## Task instructions
Return every record below exactly as written, but leave out the pictures.

Stored records:
━━━━━━━━━━

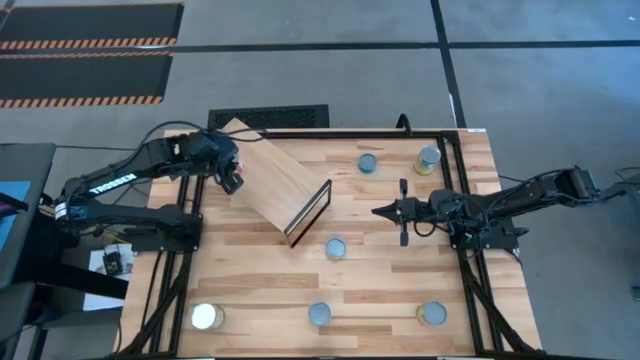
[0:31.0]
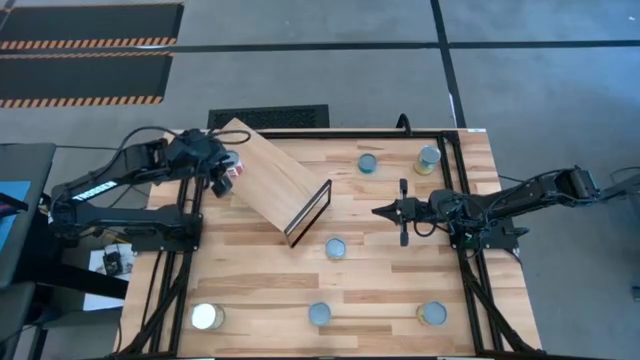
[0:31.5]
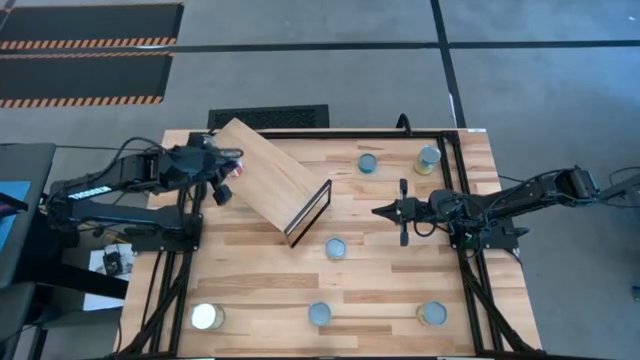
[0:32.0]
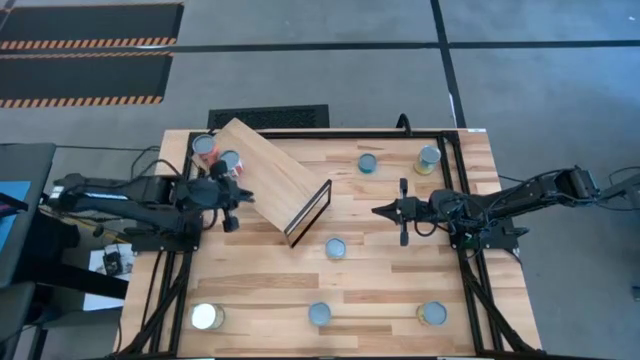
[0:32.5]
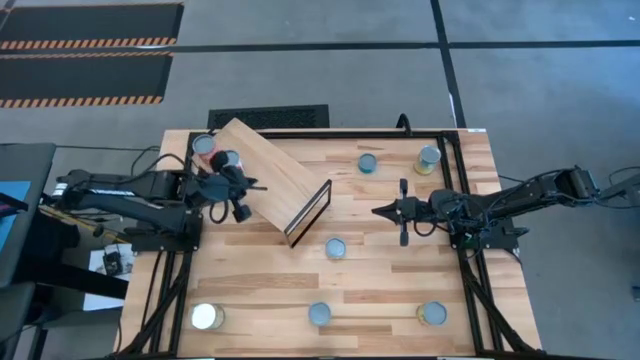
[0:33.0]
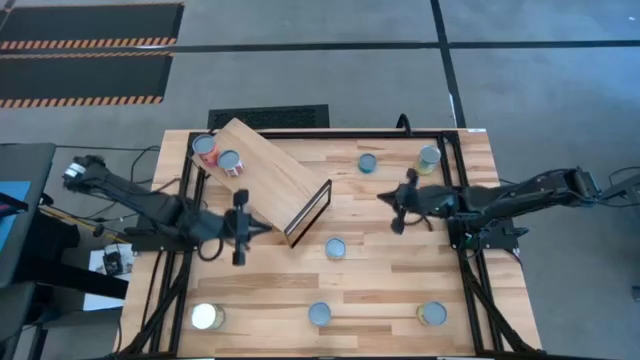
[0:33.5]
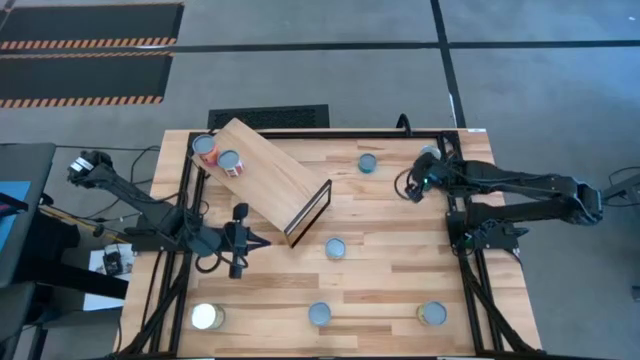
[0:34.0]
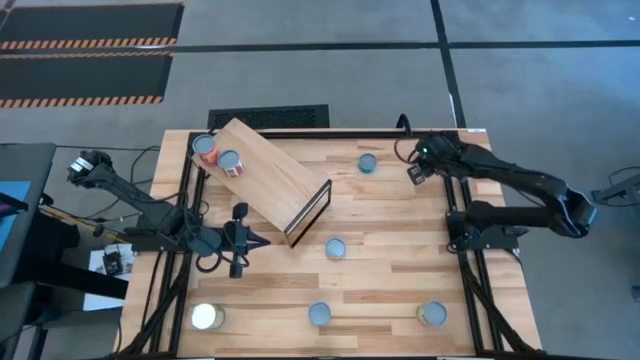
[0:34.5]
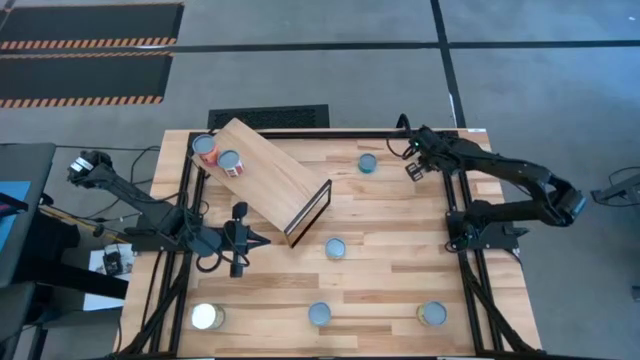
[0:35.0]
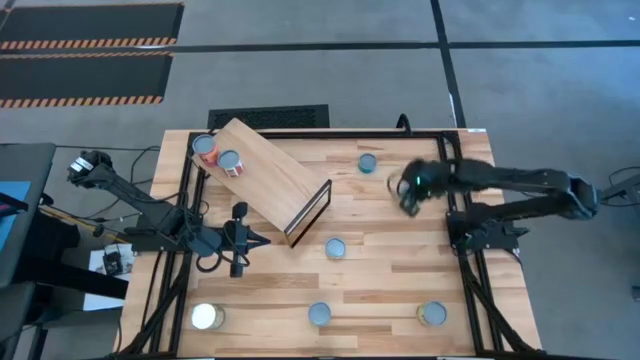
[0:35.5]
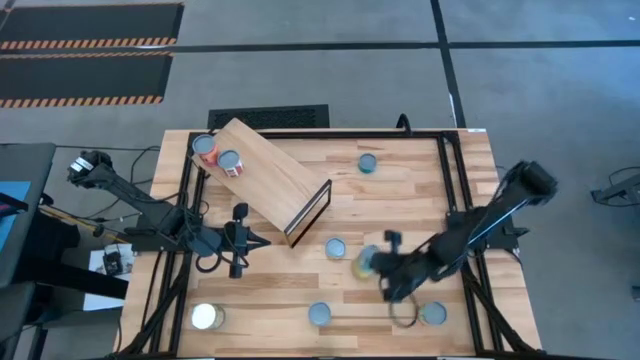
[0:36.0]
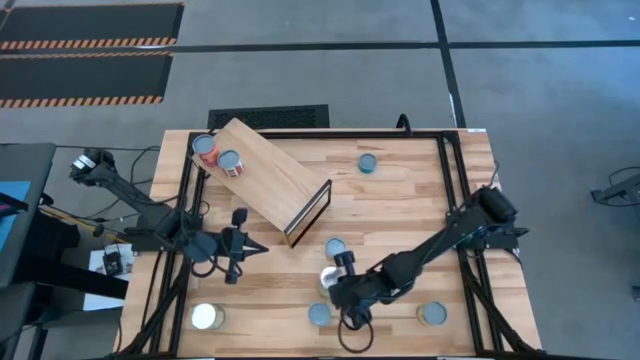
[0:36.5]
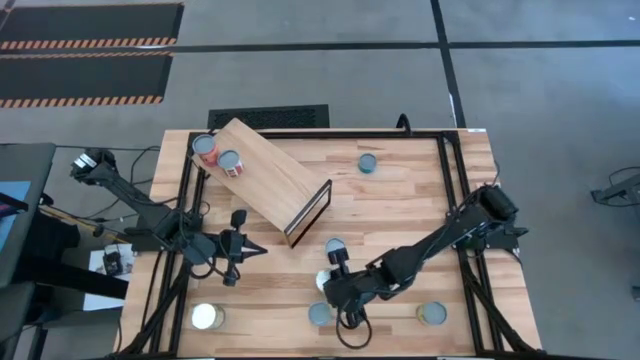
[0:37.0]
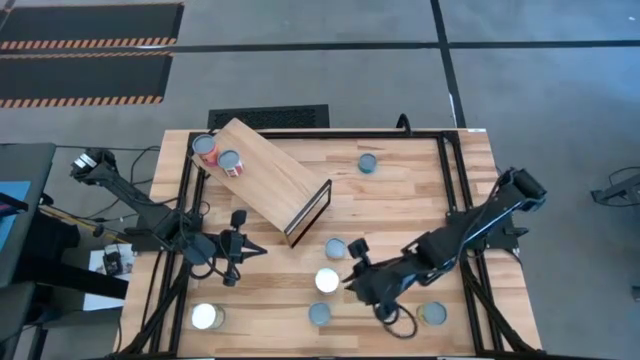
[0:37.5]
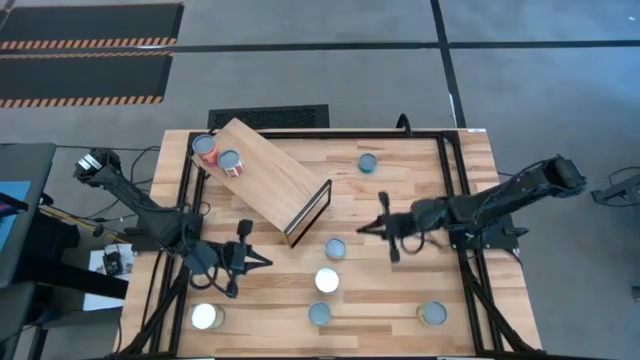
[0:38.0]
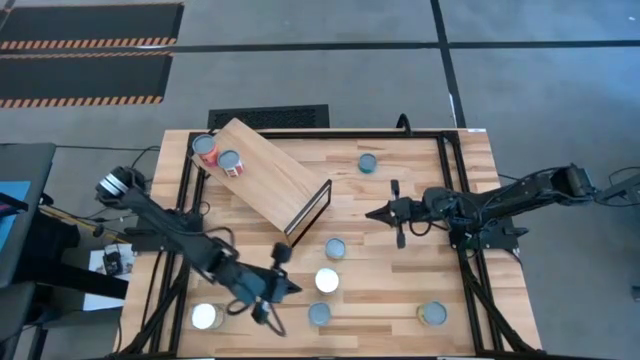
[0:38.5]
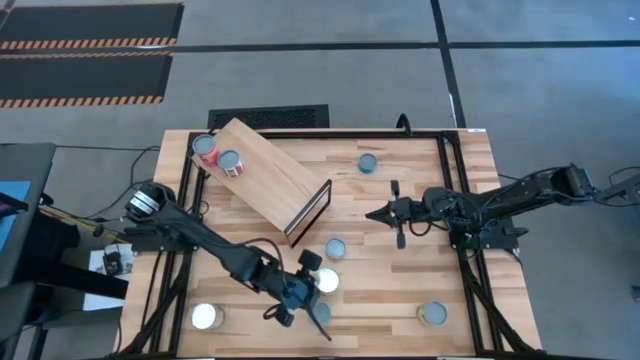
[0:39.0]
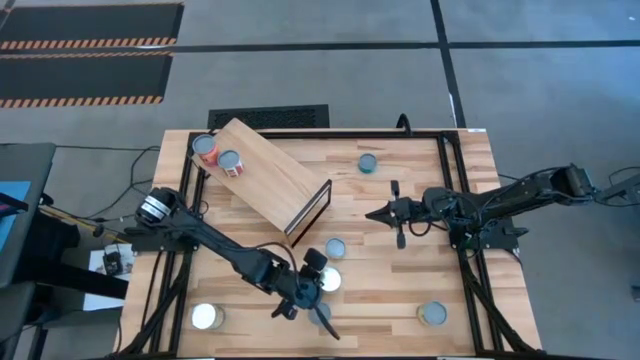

━━━━━━━━━━

## Answer box
[0:31.0]
[0:31.5]
[0:32.0]
[0:32.5]
[0:33.0]
[0:33.5]
[0:34.0]
[0:34.5]
[0:35.0]
[0:35.5]
[0:36.0]
[0:36.5]
[0:37.0]
[0:37.5]
[0:38.0]
[0:38.5]
[0:39.0]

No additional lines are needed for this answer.